[Data items]
____________________

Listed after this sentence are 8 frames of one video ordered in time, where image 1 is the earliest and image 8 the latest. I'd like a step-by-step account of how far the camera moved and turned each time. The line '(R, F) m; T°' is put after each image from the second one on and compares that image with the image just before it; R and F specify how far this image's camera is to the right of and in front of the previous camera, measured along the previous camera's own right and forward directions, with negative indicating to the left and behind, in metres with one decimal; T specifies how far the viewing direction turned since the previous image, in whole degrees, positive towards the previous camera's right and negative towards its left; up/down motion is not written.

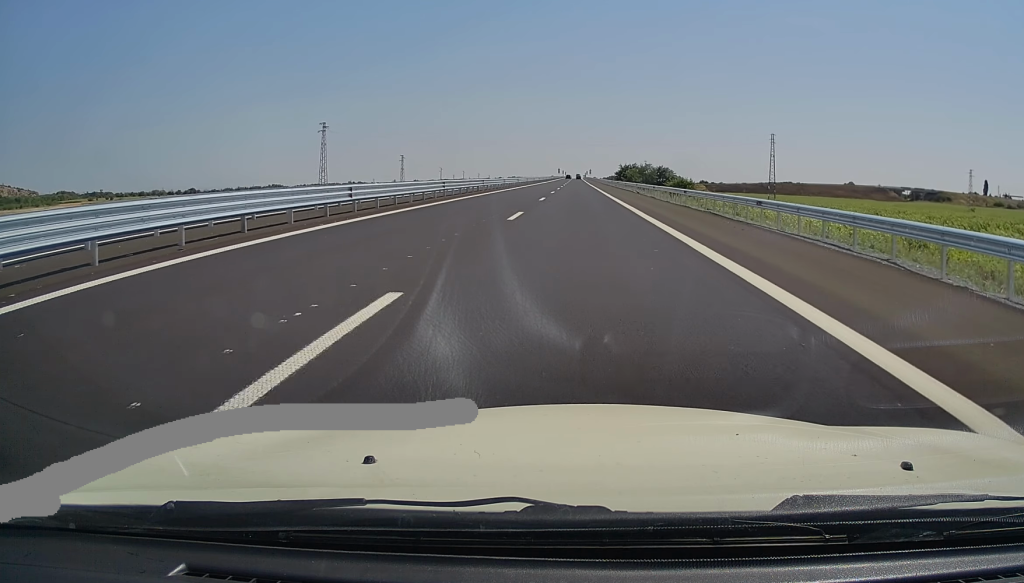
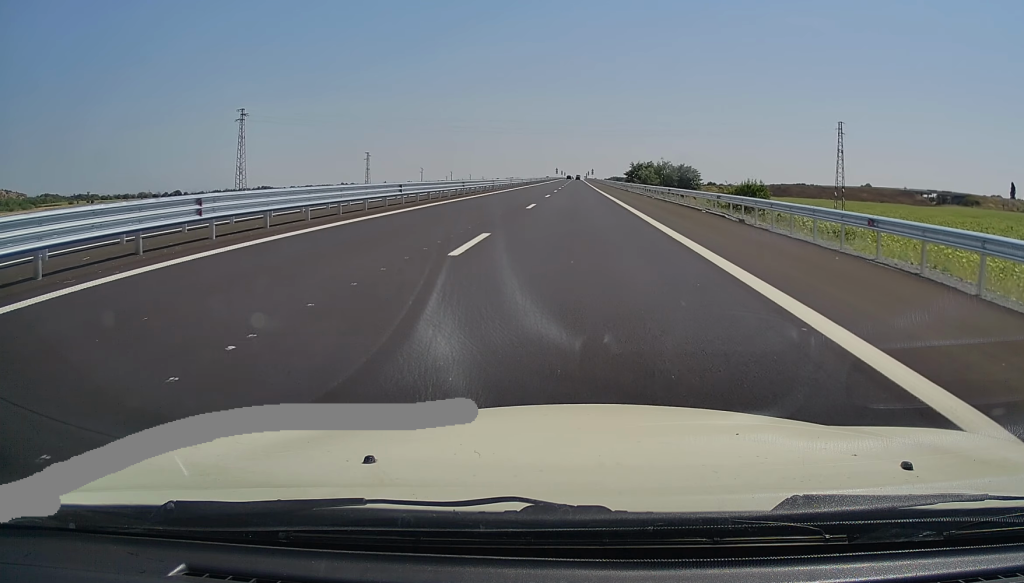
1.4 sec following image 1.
(0.0, +41.1) m; 0°
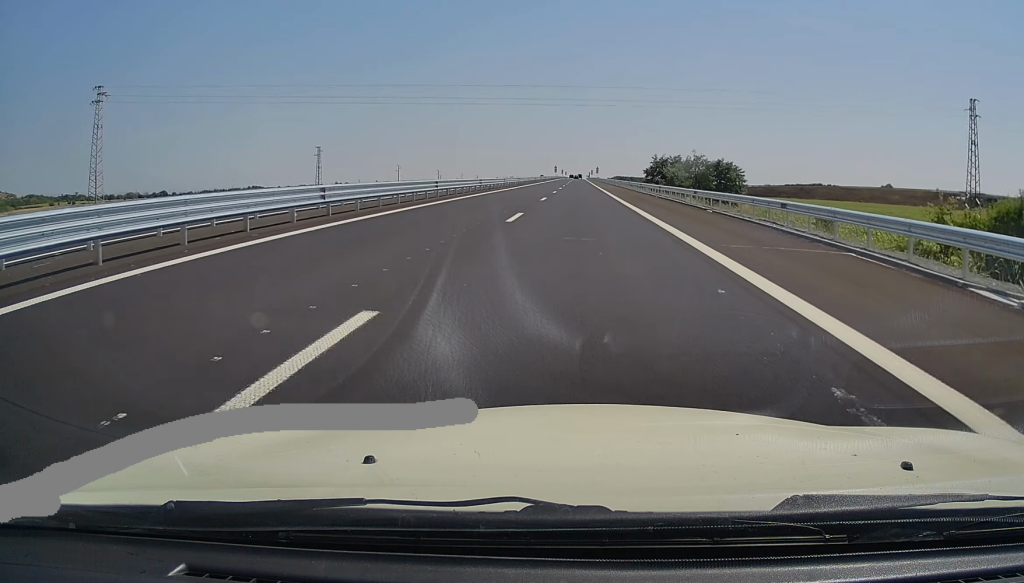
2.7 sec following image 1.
(0.0, +41.1) m; -1°
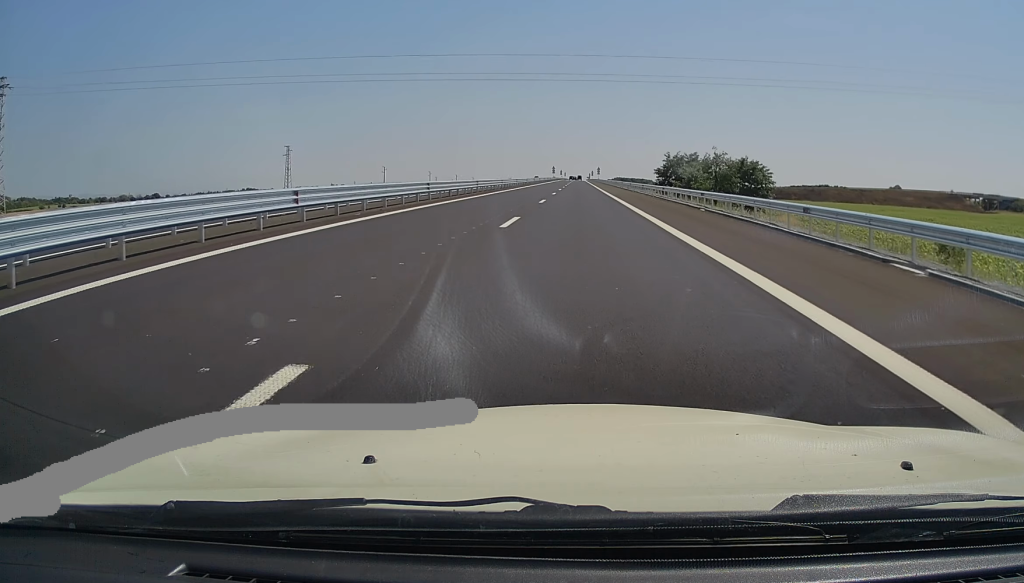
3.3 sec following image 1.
(-0.1, +18.0) m; 0°
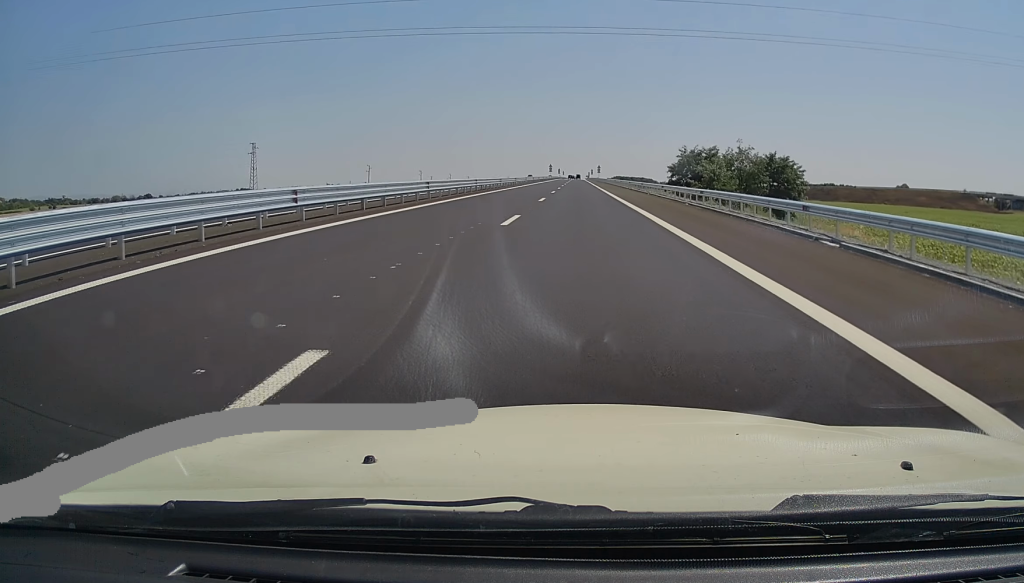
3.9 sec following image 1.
(-0.3, +16.0) m; 0°
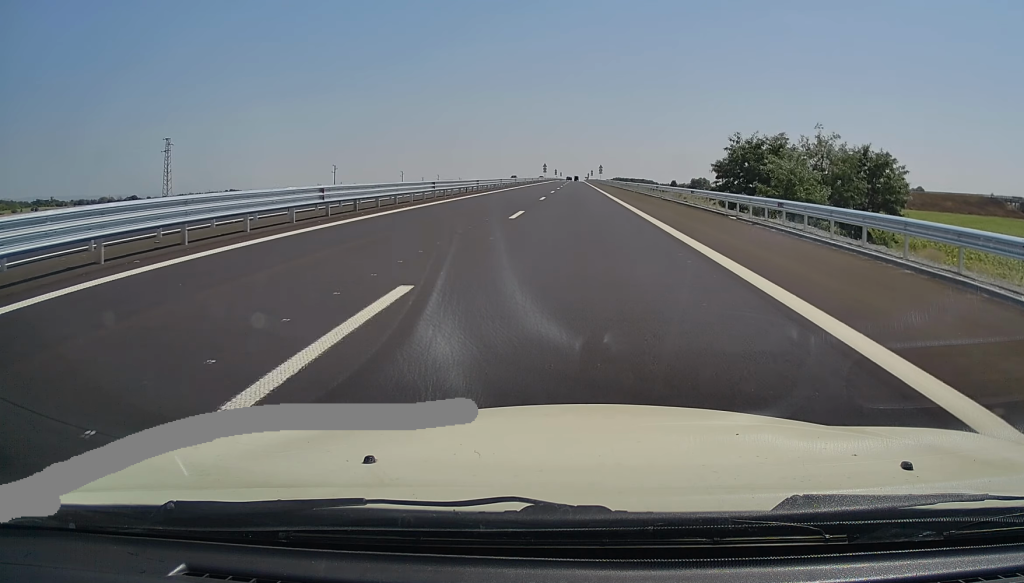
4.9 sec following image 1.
(+0.3, +30.0) m; +1°
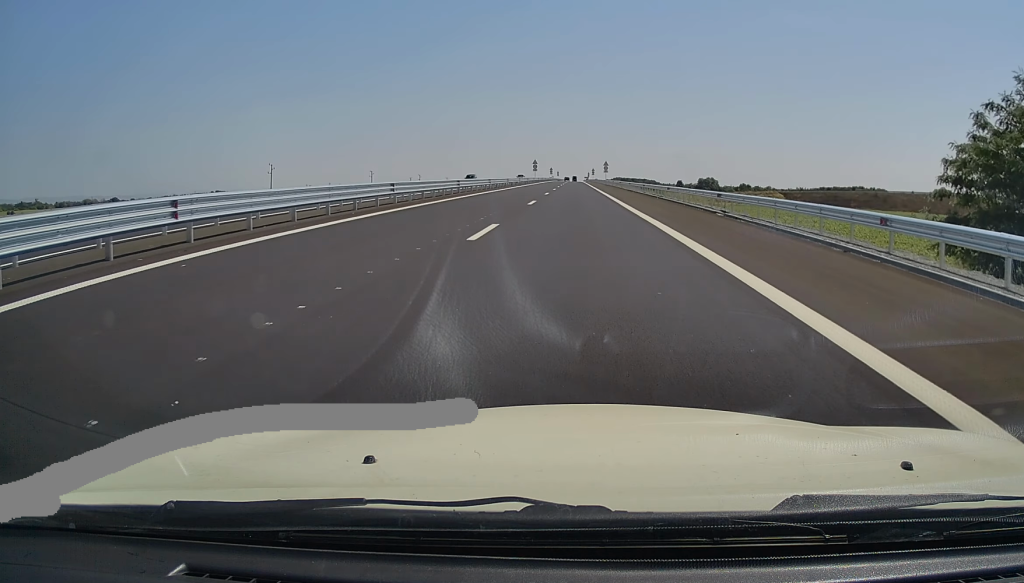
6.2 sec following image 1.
(+0.1, +39.6) m; 0°
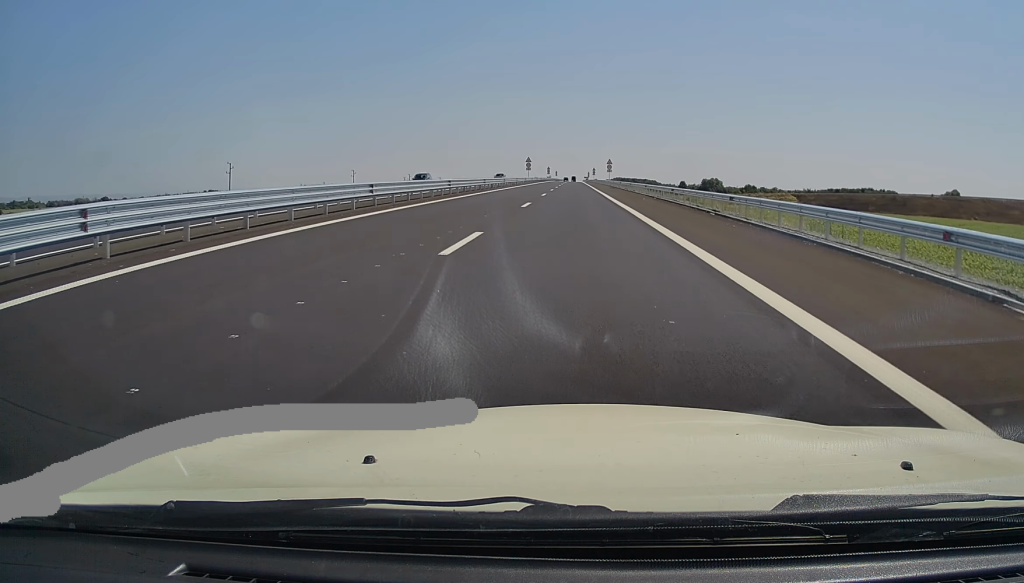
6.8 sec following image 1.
(-0.1, +18.6) m; 0°

____________________

— Your goal —
Exact copy, no pictures: return the entries word for word.

— Response area —
Listed after this sentence are 8 frames of one video ordered in time, where image 1 is the earliest and image 8 the latest. I'd like a step-by-step account of how far the camera moved and turned each time. The line '(R, F) m; T°' is put after each image from the second one on and compares that image with the image just before it; R and F specify how far this image's camera is to the right of and in front of the previous camera, measured along the previous camera's own right and forward directions, with negative indicating to the left and behind, in metres with one decimal; T specifies how far the viewing direction turned since the previous image, in whole degrees, positive towards the previous camera's right and negative towards its left; up/down motion is not written.

1.4 sec following image 1.
(0.0, +41.1) m; 0°
2.7 sec following image 1.
(0.0, +41.1) m; -1°
3.3 sec following image 1.
(-0.1, +18.0) m; 0°
3.9 sec following image 1.
(-0.3, +16.0) m; 0°
4.9 sec following image 1.
(+0.3, +30.0) m; +1°
6.2 sec following image 1.
(+0.1, +39.6) m; 0°
6.8 sec following image 1.
(-0.1, +18.6) m; 0°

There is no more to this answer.